Evacuated: Aquarium mammals in damaged tidal wave zone aquariums.


Not evacuated: Fish in damaged tidal wave zones aquariums.


Not evacuated: Various animals and insects belonging to 130 land mammal species, 600 bird species, 73 reptile and amphibian species, 190 kinds of dragonflies, 300 kinds of butterflies, some of whom lived in Fukushima and are examples of movable nature. Any of them can potentially move across arbitrary boundaries, including out of the “no-go” zone. They potentially carry radioactivity.

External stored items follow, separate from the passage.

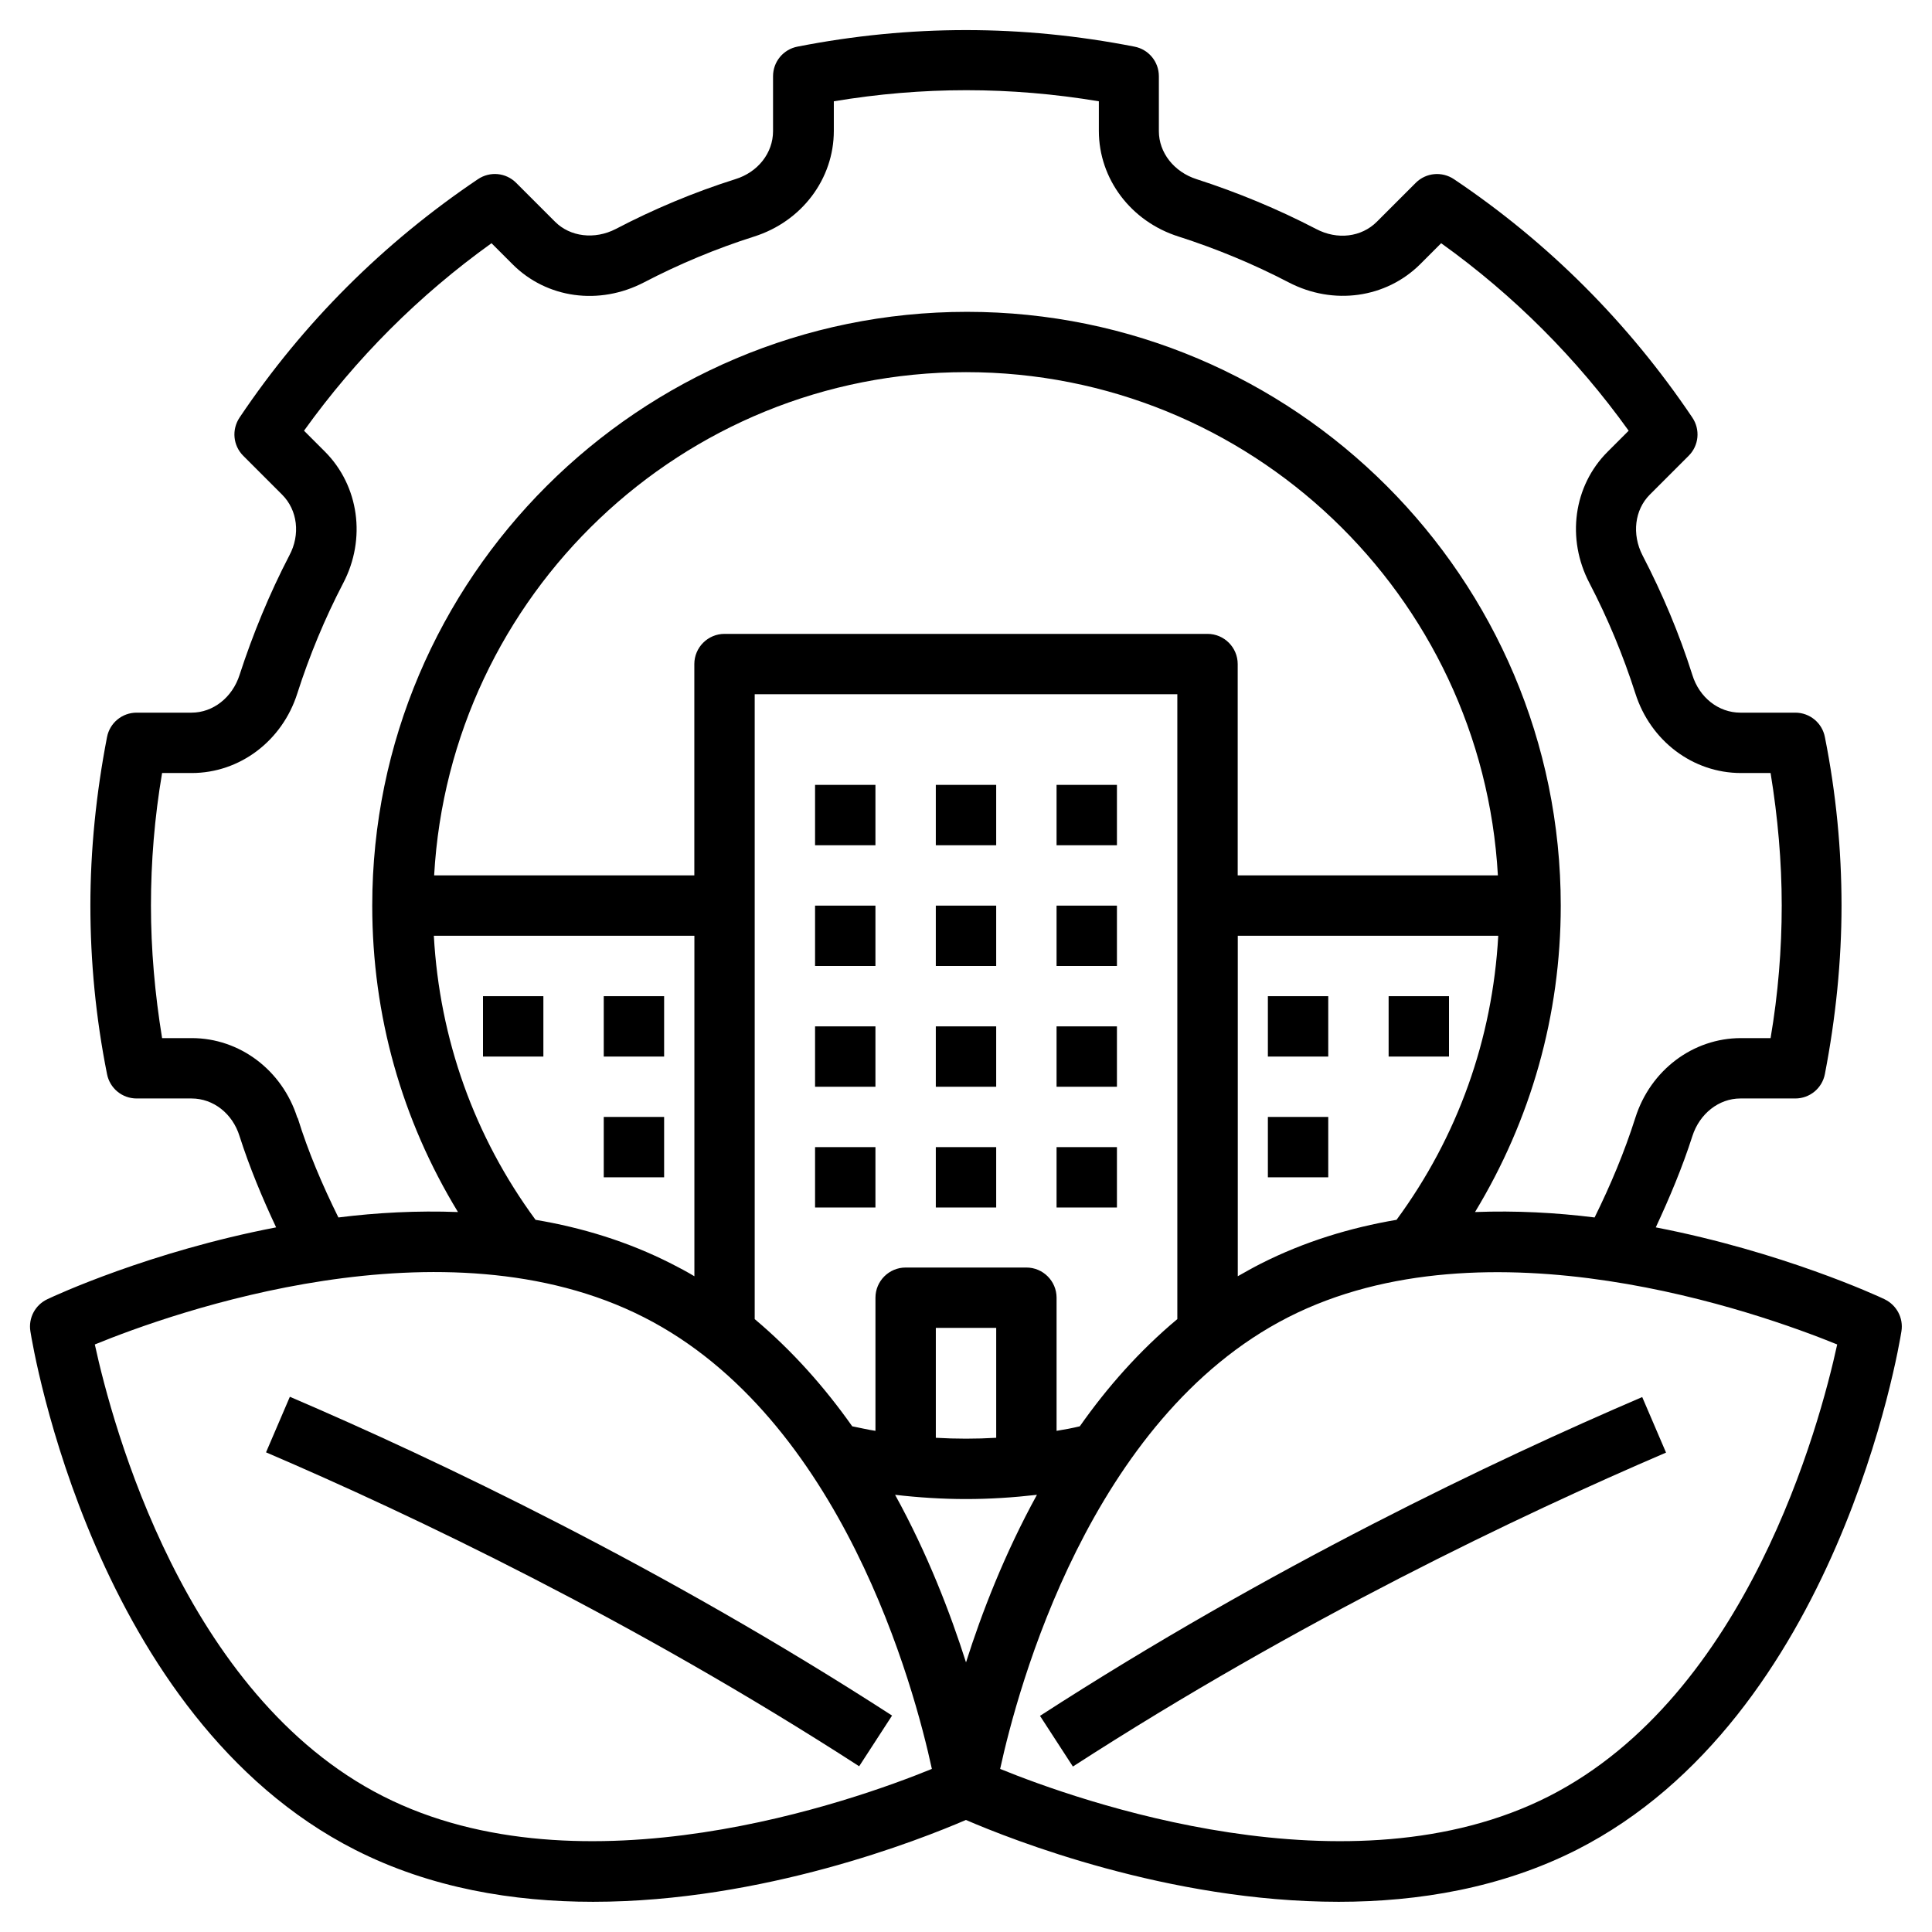 <?xml version="1.0" encoding="UTF-8"?>
<svg xmlns="http://www.w3.org/2000/svg" width="128pt" height="128pt" version="1.1" viewBox="0 0 128 128">
  <g>
    <path d="m17.621 96.219c9.66 4.141 24.32 11.121 39.301 20.801l2.18-3.359c-15.219-9.84-30.102-16.922-39.898-21.121l-1.578 3.68z"></path>
    <path d="m124.86 86.078c-0.5-0.238-6.801-3.141-15.16-4.762 0.922-1.98 1.762-3.981 2.422-6.039 0.48-1.5 1.762-2.5 3.18-2.5h3.641c0.961 0 1.781-0.68 1.961-1.621 0.719-3.719 1.102-7.481 1.102-11.16 0-3.68-0.359-7.441-1.102-11.16-0.18-0.941-1-1.621-1.961-1.621h-3.641c-1.441 0-2.719-1-3.18-2.5-0.859-2.719-1.98-5.379-3.301-7.922-0.719-1.398-0.52-3.019 0.48-4.019l2.578-2.578c0.68-0.68 0.781-1.738 0.238-2.539-4.219-6.262-9.52-11.578-15.781-15.781-0.801-0.539-1.859-0.441-2.539 0.238l-2.578 2.578c-1.02 1.02-2.621 1.219-4.019 0.48-2.539-1.32-5.199-2.422-7.922-3.301-1.5-0.48-2.5-1.762-2.5-3.18v-3.641c0-0.961-0.68-1.781-1.621-1.961-7.461-1.461-14.859-1.461-22.32 0-0.941 0.18-1.621 1-1.621 1.961v3.641c0 1.441-1 2.719-2.5 3.18-2.719 0.859-5.398 1.98-7.922 3.301-1.398 0.719-3.019 0.52-4.019-0.48l-2.578-2.578c-0.68-0.68-1.738-0.781-2.539-0.238-6.262 4.219-11.578 9.52-15.781 15.781-0.539 0.801-0.441 1.859 0.238 2.539l2.578 2.578c1.02 1.02 1.219 2.641 0.48 4.019-1.32 2.539-2.422 5.219-3.301 7.922-0.48 1.5-1.762 2.5-3.18 2.5h-3.641c-0.961 0-1.781 0.68-1.961 1.621-0.719 3.719-1.102 7.481-1.102 11.16 0 3.68 0.359 7.441 1.102 11.16 0.18 0.941 1 1.621 1.961 1.621h3.641c1.441 0 2.719 1 3.18 2.5 0.66 2.059 1.5 4.078 2.422 6.039-8.34 1.602-14.66 4.519-15.16 4.762-0.801 0.379-1.262 1.238-1.121 2.121 0.16 1.039 4.238 25.578 21.52 34.359 5 2.539 10.48 3.441 15.762 3.441 11.281 0 21.68-4.121 24.699-5.422 3.019 1.301 13.422 5.422 24.699 5.422 5.301 0 10.781-0.922 15.762-3.441 17.281-8.781 21.359-33.32 21.52-34.359 0.141-0.879-0.32-1.738-1.121-2.121zm-105.16-12.02c-1-3.16-3.82-5.281-7-5.281h-1.961c-0.48-2.941-0.738-5.879-0.738-8.781 0-2.898 0.238-5.84 0.738-8.781h1.961c3.18 0 6-2.121 7-5.281 0.801-2.5 1.82-4.961 3.039-7.301 1.539-2.941 1.039-6.441-1.199-8.699l-1.398-1.398c3.441-4.801 7.621-8.98 12.422-12.422l1.398 1.398c2.262 2.262 5.738 2.738 8.699 1.199 2.34-1.219 4.781-2.238 7.301-3.039 3.16-1 5.281-3.82 5.281-7v-1.961c5.879-0.98 11.68-0.98 17.559 0v1.961c0 3.18 2.121 6 5.281 7 2.5 0.801 4.961 1.82 7.301 3.039 2.961 1.539 6.441 1.039 8.699-1.199l1.398-1.398c4.801 3.441 8.98 7.621 12.422 12.422l-1.398 1.398c-2.262 2.262-2.738 5.762-1.199 8.699 1.219 2.34 2.238 4.801 3.039 7.301 1 3.16 3.82 5.281 7 5.281h1.961c0.48 2.941 0.738 5.879 0.738 8.781 0 2.898-0.238 5.84-0.738 8.781h-1.961c-3.18 0-6 2.121-7 5.281-0.719 2.262-1.641 4.461-2.699 6.602-2.559-0.32-5.219-0.461-7.922-0.359 3.699-6.102 5.68-13.039 5.68-20.301 0-21.699-17.641-39.34-39.34-39.34-21.703 0-39.402 17.641-39.402 39.34 0 7.281 1.961 14.199 5.68 20.301-2.699-0.102-5.379 0.039-7.922 0.359-1.059-2.141-2-4.34-2.699-6.602zm46.301 21.199c-1.34 0.078-2.66 0.078-4 0v-7.281h4zm-2 4.059c1.578 0 3.141-0.102 4.699-0.281-2.141 3.898-3.66 7.82-4.699 11.102-1.039-3.262-2.539-7.18-4.699-11.102 1.559 0.18 3.121 0.281 4.699 0.281zm7.539-4.82c-0.5 0.121-1.02 0.219-1.539 0.301v-8.82c0-1.102-0.898-2-2-2h-8c-1.102 0-2 0.898-2 2v8.82c-0.52-0.078-1.02-0.199-1.539-0.301-1.82-2.578-3.961-5-6.461-7.102v-41.398h28v41.398c-2.519 2.102-4.66 4.539-6.461 7.102zm-36.059-13.68c-4.059-5.519-6.359-11.98-6.738-18.82h17.262v22.559c-0.5-0.301-1.02-0.578-1.539-0.84-2.879-1.461-5.898-2.379-8.98-2.898zm44.52-38.82h-32c-1.102 0-2 0.898-2 2v14h-17.238c1.039-18.559 16.422-33.34 35.238-33.34 18.82 0 34.199 14.781 35.238 33.34h-17.238v-14c0-1.102-0.898-2-2-2zm2 20h17.262c-0.379 6.84-2.68 13.301-6.738 18.82-3.059 0.52-6.102 1.441-8.98 2.898-0.52 0.262-1.039 0.559-1.539 0.84v-22.559zm-56.641 57c-13.141-6.68-17.922-24.602-19.078-29.922 5.141-2.102 23.141-8.539 36.379-1.801 13.141 6.68 17.922 24.578 19.078 29.922-5.141 2.102-23.16 8.52-36.379 1.801zm77.281 0c-13.199 6.719-31.219 0.301-36.379-1.801 1.16-5.32 5.941-23.219 19.078-29.922 13.199-6.719 31.219-0.301 36.379 1.801-1.16 5.32-5.941 23.219-19.078 29.922z"></path>
    <path d="m71.078 117.04c14.98-9.68 29.641-16.66 39.301-20.801l-1.578-3.68c-9.801 4.199-24.68 11.281-39.898 21.121l2.18 3.359z"></path>
    <path d="m54 52h4v4h-4z"></path>
    <path d="m62 52h4v4h-4z"></path>
    <path d="m32 66h4v4h-4z"></path>
    <path d="m40 66h4v4h-4z"></path>
    <path d="m40 74h4v4h-4z"></path>
    <path d="m92 66h4v4h-4z"></path>
    <path d="m84 66h4v4h-4z"></path>
    <path d="m84 74h4v4h-4z"></path>
    <path d="m70 52h4v4h-4z"></path>
    <path d="m54 60h4v4h-4z"></path>
    <path d="m62 60h4v4h-4z"></path>
    <path d="m70 60h4v4h-4z"></path>
    <path d="m54 68h4v4h-4z"></path>
    <path d="m62 68h4v4h-4z"></path>
    <path d="m70 68h4v4h-4z"></path>
    <path d="m54 76h4v4h-4z"></path>
    <path d="m62 76h4v4h-4z"></path>
    <path d="m70 76h4v4h-4z"></path>
  </g>
</svg>

Not evacuated: Ocean-going mammals and fish in the ocean near the Fukushima plant where TEPCO is dumping or leaking radioactive water. They are examples of movable nature that move through the water. They could be near or far from the reactors now.


Evacuated: Nuclear reactor workers with burns. So far only three workers have been admitted by TEPCO to have been hurt. They were evacuated under cover by large blue tarps carried by fellow reactor workers to the National Radiology Hospital because they have received more than 10,000 times the limit of radiation.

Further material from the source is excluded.